The Bible is cool. It helps to be familiar with the various incarnations that the word of God has gone through over the ages. There's the Vulgate, Septuagint, Hebrew Tanakh with Torah, along with the various apocryphal works and eventually the King James, among others. These were all drafted in different languages and all share similarities and omissions in comparison with each other.
I thought Noah (2014, Darren Aronofsky) might be cool because I like many of Aronofsky's films: Pi (1998), Requiem for a Dream (2000), The Wrestler (2008), and Black Swan (2010). My dad actually videotaped an episode of "48 Hours," for me in 1998 that followed Aronofsky's process of completing and finding distribution for Pi, sort of like a production diary. Thanks, Dad.
The movie Noah sucks.
First of all we get a creation myth. Okay, cool. Snake tempts Adam and Eve. They eat forbidden fruit, Cain kills Abel. Got it.

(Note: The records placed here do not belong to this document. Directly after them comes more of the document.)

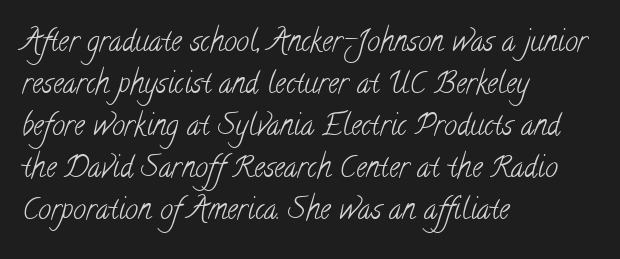
The image shows 29 px light, condensed type; set left-aligned, normal line spacing (1.45x), normal letter spacing, not underlined; low stroke contrast and a small x-height.
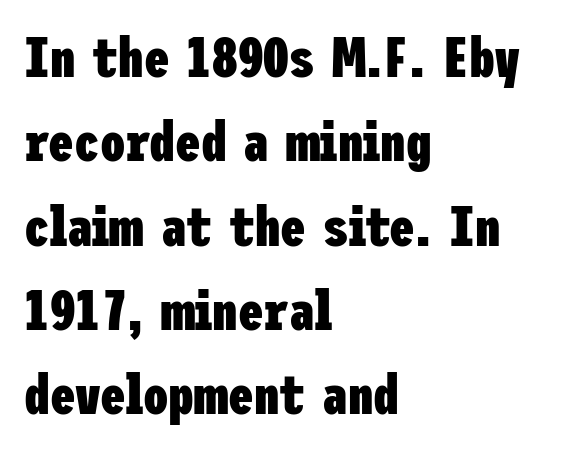
Reading down the column, the eye jumps a familiar distance to each next line. Students, note that the glyphs here touch the page at normal intervals. The lettering holds an erect, upright posture throughout. Every letter is thick-stroked: bold, no question. Clear beneath every line of the passage.
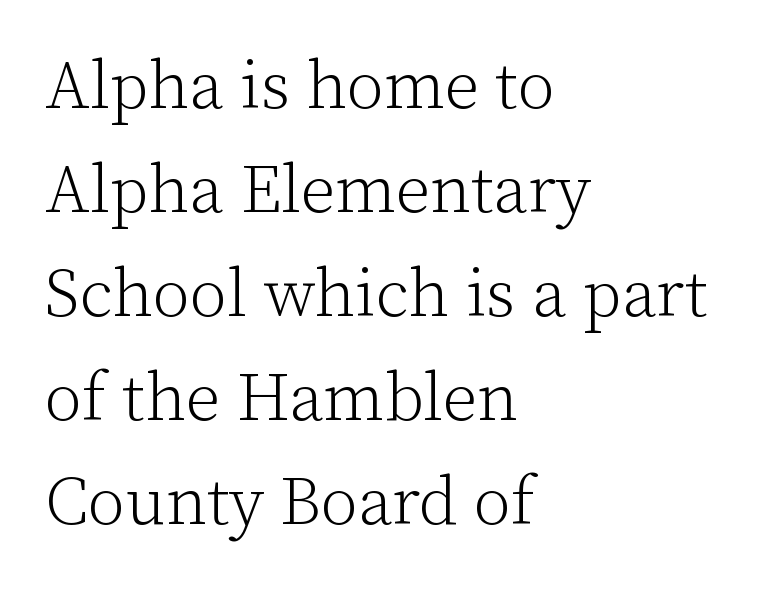
{"serif": "yes", "italic": "no", "bold": "no", "weight": "light", "width": "normal", "stroke_contrast": "low", "x_height": "medium", "monospaced": "no", "underline": "no", "align": "left", "line_spacing": "normal", "line_spacing_ratio": 1.53, "letter_spacing": "normal", "letter_spacing_em": 0.0, "glyph_px": 68}
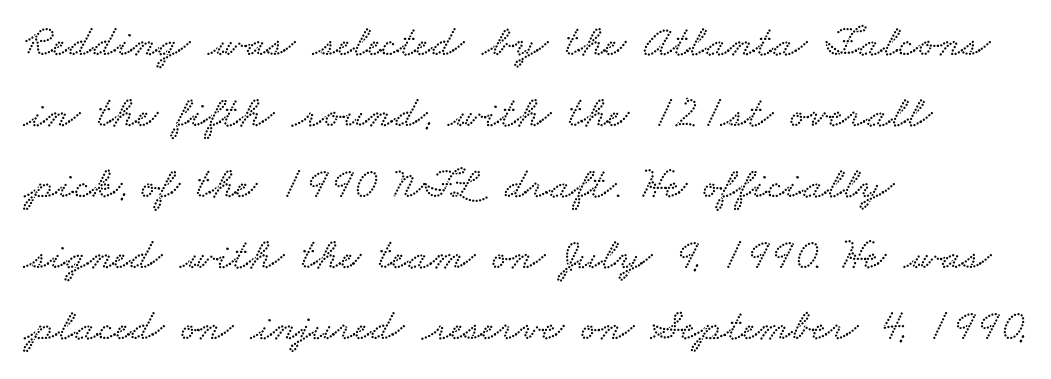
The image shows 45 px wide type; set left-aligned, normal line spacing (1.58x), normal letter spacing, not underlined; low stroke contrast and a small x-height.
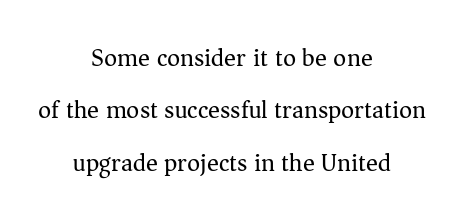
{"italic": "no", "bold": "no", "underline": "no", "align": "center", "line_spacing": "loose", "line_spacing_ratio": 2.1, "letter_spacing": "normal", "letter_spacing_em": 0.0, "glyph_px": 25}
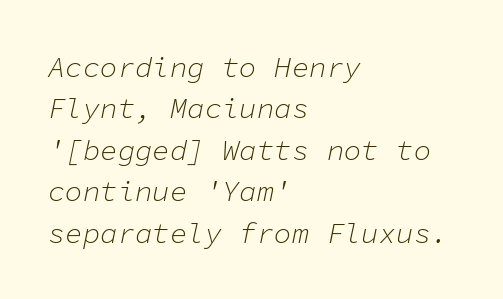
Q: Is the text bold? A: No.
Q: Is the text italic (slanted)? A: Yes, it leans right by about 11 degrees.
Q: Is the text underlined? A: No.
Q: How is the paragraph aligned? A: Left-aligned.
Q: Is the spacing between letters normal or unusually wide? A: Normal.
Q: Is the spacing between lines tight, normal or loose? A: Normal.
Q: Width (condensed, normal, or wide)? A: Normal.
Q: Stroke contrast? A: Low.
Q: x-height? A: Medium.
Q: Monospaced? A: Yes.
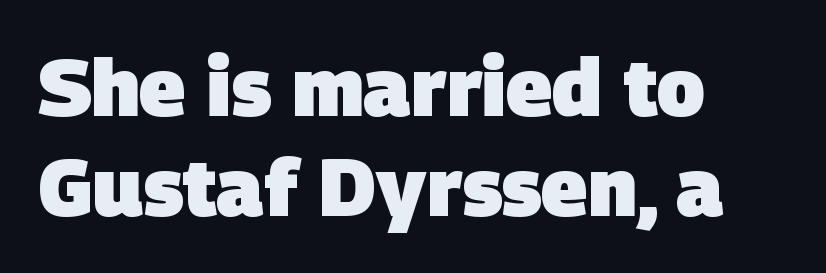
This rendering uses left alignment, leaving the right contour irregular. The strip under each line holds only bare page. A sans-serif font was chosen for this passage. Default kerning and tracking; the words read as compact shapes.
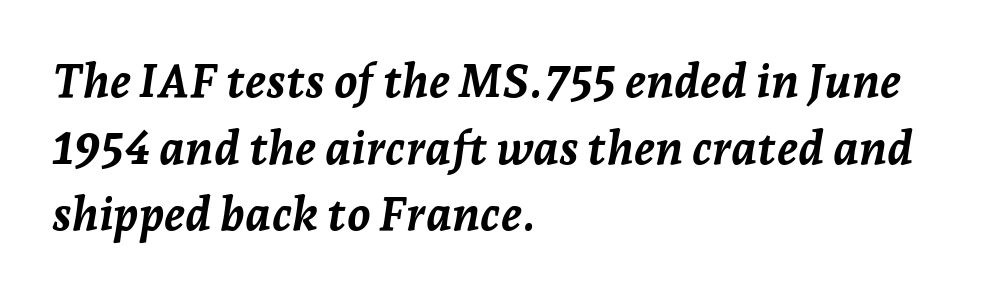
{"italic": "yes", "lean": "right", "slant_degrees": 7, "bold": "yes", "weight": "semibold", "width": "normal", "stroke_contrast": "low", "x_height": "medium", "monospaced": "no", "underline": "no", "align": "left", "line_spacing": "normal", "line_spacing_ratio": 1.42, "letter_spacing": "normal", "letter_spacing_em": 0.0, "glyph_px": 47}
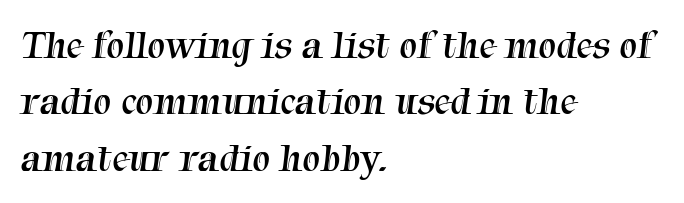
The image shows 40 px regular-weight serif type; set left-aligned, normal line spacing (1.41x), normal letter spacing, not underlined; medium stroke contrast and a medium x-height.

But then we are told that "The Watchers," a band of angels, have been sent to watch over Adam and Eve while God created the rest of the world. And The Watchers are giant slow walking rock people. Here's where they lost me, pretty quickly: The Watchers bore me to death for the same reason I don't watch any Peter Jackson Tolkien movies, which is because The Two Towers put me to sleep when trees started walking and talking--it's just so frikkin boring. But The Watchers also came from outer space to "protect mankind," wait isn't that the job of the Transformers and Optimus?
Also Noah takes the serpent's skin from his dad as a birthright and this thread is tied up over the course of the film by the end. But why? Why keep the skin? Why does it glow? This snake skin business is stupid.
Jennifer Connelly plays Noah's wife. She has always been one of the most beautiful actresses around--and I'm really picky about beauty. Here she looks radiant, classically elegant, natural, and her expressions are weighted with the sorrows of a lifetime of adversity and sacrifice. Her dark thick eyebrows, and mole above her left lip delicately complement her tearful visage. Right away we also may root for this handsome couple because they were also John and Alicia Nash once upon a time.
The CGI is amazing. Time lapse photography of the river that miraculously springs forth to find the Ark is one of the early spectacles shown, followed by various classes of animals finding their way to the Ark (first birds, then snakes and reptiles, then all of the beasts that walk on all fours...). These sequences of biblical proportion are the best part of the film. There's also some cool POV shots from the two doves.
Sexy as hell Emma Watson is soon introduced as Ila, who will be the wife of Noah's son Shem.
And Ray Winstone is introduced as a Tubal King who is the heavy Noah must battle. Yeah the Hollywood producers thought Noah needed a bad guy to fight, of course. So, Winstone's character stows away on the Ark (ughh!).
About 80 minutes in the flood occurs.
The movie just totally sucks from here.
Yeah okay, I get the heavy guilt laid on Noah. But I don't buy it. By this point Noah believes he is evil because he would kill to protect his family. Umm, no. Noah also refuses to let Ham bring a wife on board. And by this point I'm fuming because I know there's no way this movie is going to show God telling Noah to kill a pregnant Emma Watson. No frikkin way!
Plus wasn't it Abraham who was tested by God to murder his own child? This seems like a borrowed plot from elsewhere in the Bible.
So by the end Noah doesn't knife Ila's twin baby daughters (No-duh!). And also during the last hour one can't help but wonder who Noah's male offspring will have sex with (if at all?) if the only women that survive are Ila and Naameh. This matter is resolved somewhat adequately. Ham just straight up splits, but before he leaves there's this shot where he's staring at Ila and her two baby daughters. This moment reminds me a lot of the scene in Your Highness (2011, David Gordon Green) when the Justin Theroux wizard character tells his captive played by Zooey Deschanel that he remembers kidnapping her as a little girl and thinking to himself, "wow that's a baby and one day I will have to have sex with that baby." Sorry, okay? I had to mention it. But those questions loomed large for me and I'm sure I'm not the only one.
And at the film's conclusion Noah presents his surviving kin their birthright, the glowing snake skin! But God appears as a fireball that emits concentric light rings before simultaneously exploding and turning into a rainbow. Yay! See? God does talk!
Great CGI, I'm still a fan of Jennifer Connelly, Ray Winstone, Emma Watson and Russell Crowe, but man this piece of crap is unforgivably ridiculous and silly. At least the ethical dilemma between Tubal and Noah was clear, but fight scenes and weird rock people ruined this movie for me.
Aronofsky's longtime DP Matty Libatique shot Noah on film and it does, as mentioned, look amazing. The scale and detail of the deluge, and animal migrations are ILM magic goodies.